#### SOURCE INFORMATION

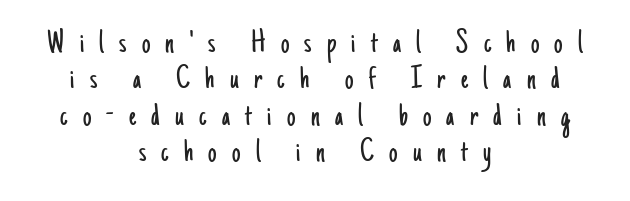
This is sans-serif lettering, the kind often seen on screens and signage. Stroke mass is kept to a normal reading level or below. The lettering holds an erect, upright posture throughout. Between one letter and the next there's a generous, obvious gap. The lines are packed closely together with very little leading.
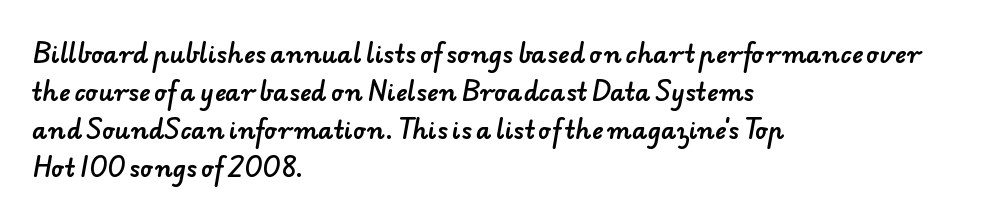
{"underline": "no", "align": "left", "line_spacing": "normal", "line_spacing_ratio": 1.58, "letter_spacing": "normal", "letter_spacing_em": 0.0, "glyph_px": 24}
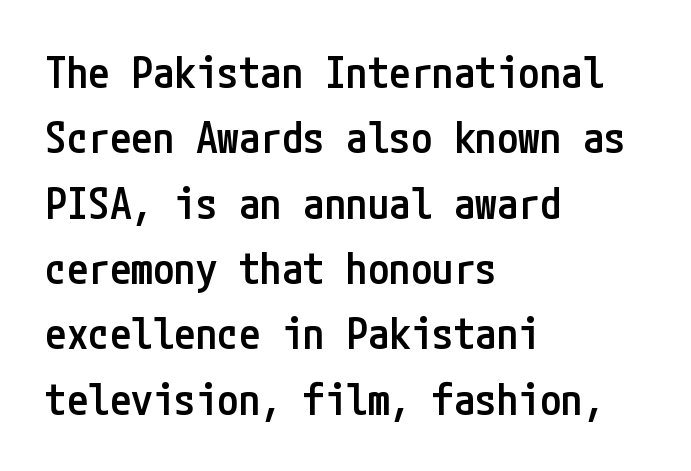
The face used here is rendered with its standard letterfit. The lettering stays uniformly vertical, giving the passage a roman look. A bare baseline throughout the passage. Horizontally, the lines are justified to the leading edge only. The leading is moderate, giving the passage an even texture.
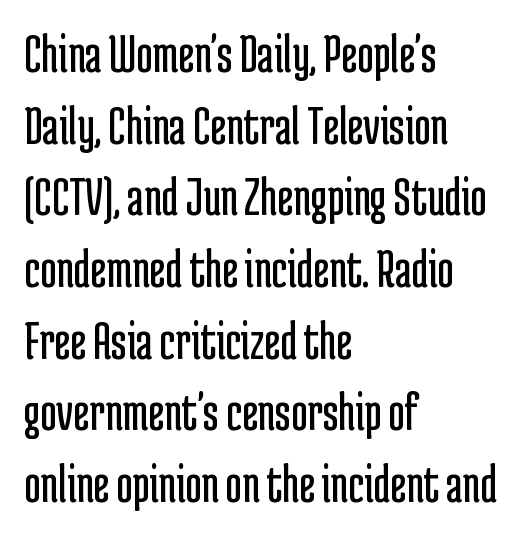
Q: Is the text bold? A: No.
Q: Is the text italic (slanted)? A: No, it is upright.
Q: Is the typeface a serif or a sans-serif typeface? A: Sans-serif.
Q: Is the text underlined? A: No.
Q: How is the paragraph aligned? A: Left-aligned.
Q: Is the spacing between letters normal or unusually wide? A: Normal.
Q: Is the spacing between lines tight, normal or loose? A: Normal.
Q: Width (condensed, normal, or wide)? A: Condensed.
Q: Stroke contrast? A: Low.
Q: x-height? A: Medium.
Q: Monospaced? A: No.
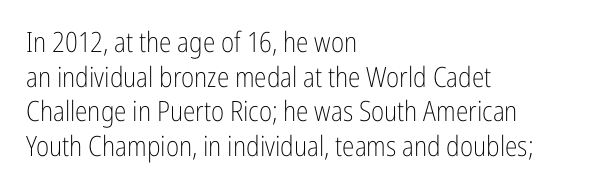
The specimen reads as upright at a glance. Honestly, there is no underline to notice here at all. The passage shown is typeset with a sans-serif family. Look at the tracking — it's just the regular setting, nothing added.
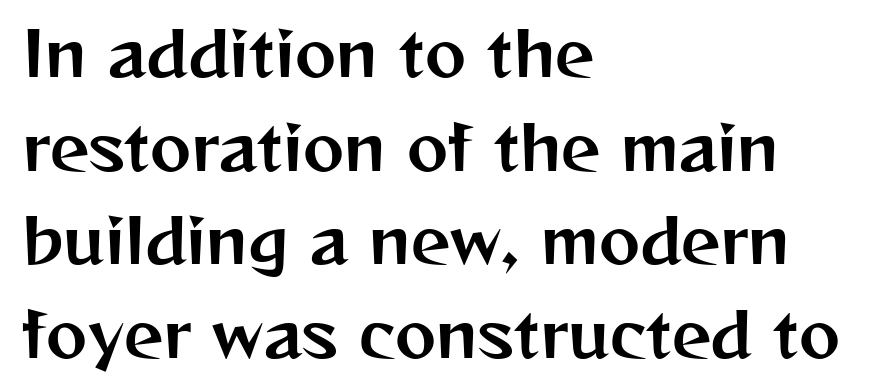
{"serif": "no", "italic": "no", "width": "normal", "stroke_contrast": "medium", "x_height": "medium", "monospaced": "no", "underline": "no", "align": "left", "line_spacing": "normal", "line_spacing_ratio": 1.51, "letter_spacing": "normal", "letter_spacing_em": 0.0, "glyph_px": 62}
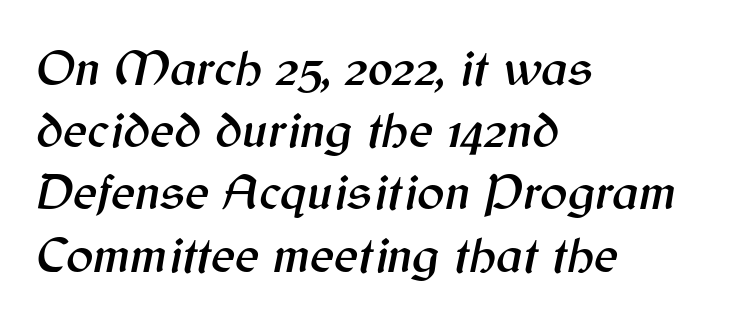
Here the designer chose a conventional face with non-uniform glyph widths. A clean baseline with only descenders dipping below it. The face used here has a pronounced slope to its letters. A typesetter would call this zero additional tracking. The compositor pushed each line to the left boundary.
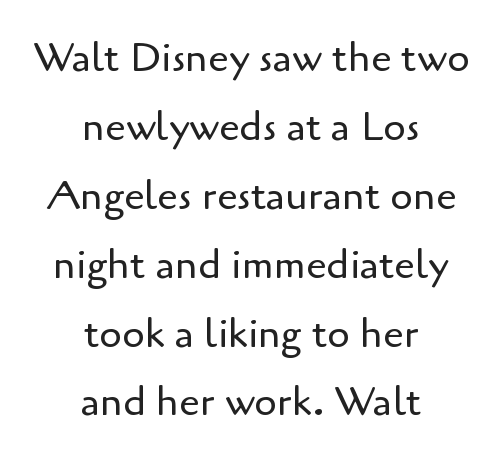
Q: Is the text bold? A: No.
Q: Is the text italic (slanted)? A: No, it is upright.
Q: Is the typeface a serif or a sans-serif typeface? A: Sans-serif.
Q: Is the text underlined? A: No.
Q: How is the paragraph aligned? A: Centered.
Q: Is the spacing between letters normal or unusually wide? A: Normal.
Q: Is the spacing between lines tight, normal or loose? A: Normal.
Q: Width (condensed, normal, or wide)? A: Normal.
Q: Stroke contrast? A: Low.
Q: x-height? A: Small.
Q: Monospaced? A: No.
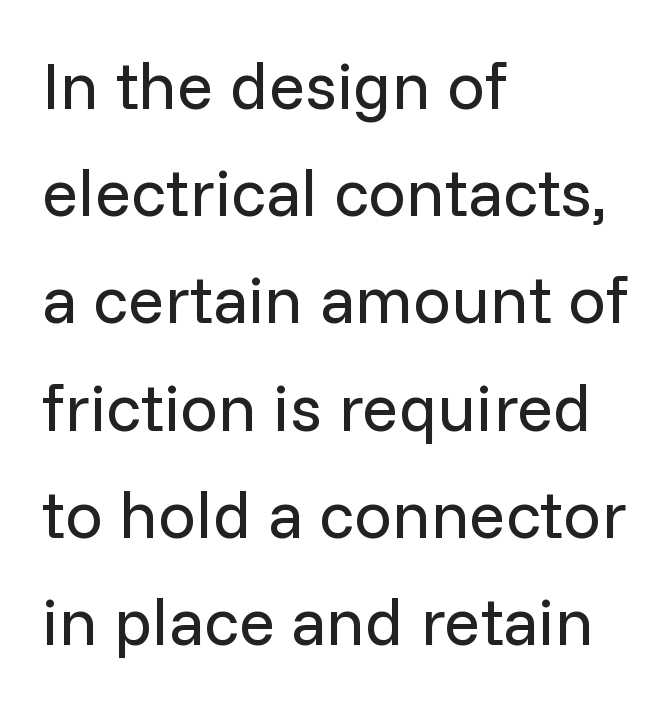
{"serif": "no", "italic": "no", "bold": "no", "weight": "regular", "width": "normal", "stroke_contrast": "low", "x_height": "medium", "monospaced": "no", "underline": "no", "align": "left", "line_spacing": "normal", "line_spacing_ratio": 1.6, "letter_spacing": "normal", "letter_spacing_em": 0.0, "glyph_px": 67}
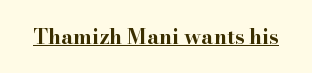
Emphasis is given by a line drawn under the lettering. Weight: bold. Honestly, the letter spacing is just normal — you wouldn't notice it. Is there any slant? The stems are plumb.

########

Find and copy each line of the material that holds the word "serif".

This is sans-serif lettering, the kind often seen on screens and signage. Stroke mass is kept to a normal reading level or below. The lettering holds an erect, upright posture throughout. Between one letter and the next there's a generous, obvious gap. The lines are packed closely together with very little leading.
Q: Is the typeface a serif or a sans-serif typeface? A: Sans-serif.
The specimen reads as upright at a glance. Honestly, there is no underline to notice here at all. The passage shown is typeset with a sans-serif family. Look at the tracking — it's just the regular setting, nothing added.
{"serif": "no", "italic": "no", "width": "normal", "stroke_contrast": "medium", "x_height": "medium", "monospaced": "no", "underline": "no", "align": "left", "line_spacing": "normal", "line_spacing_ratio": 1.51, "letter_spacing": "normal", "letter_spacing_em": 0.0, "glyph_px": 62}
Q: Is the typeface a serif or a sans-serif typeface? A: Sans-serif.
{"serif": "no", "italic": "no", "bold": "no", "weight": "regular", "width": "normal", "stroke_contrast": "low", "x_height": "medium", "monospaced": "no", "underline": "no", "align": "left", "line_spacing": "normal", "line_spacing_ratio": 1.6, "letter_spacing": "normal", "letter_spacing_em": 0.0, "glyph_px": 67}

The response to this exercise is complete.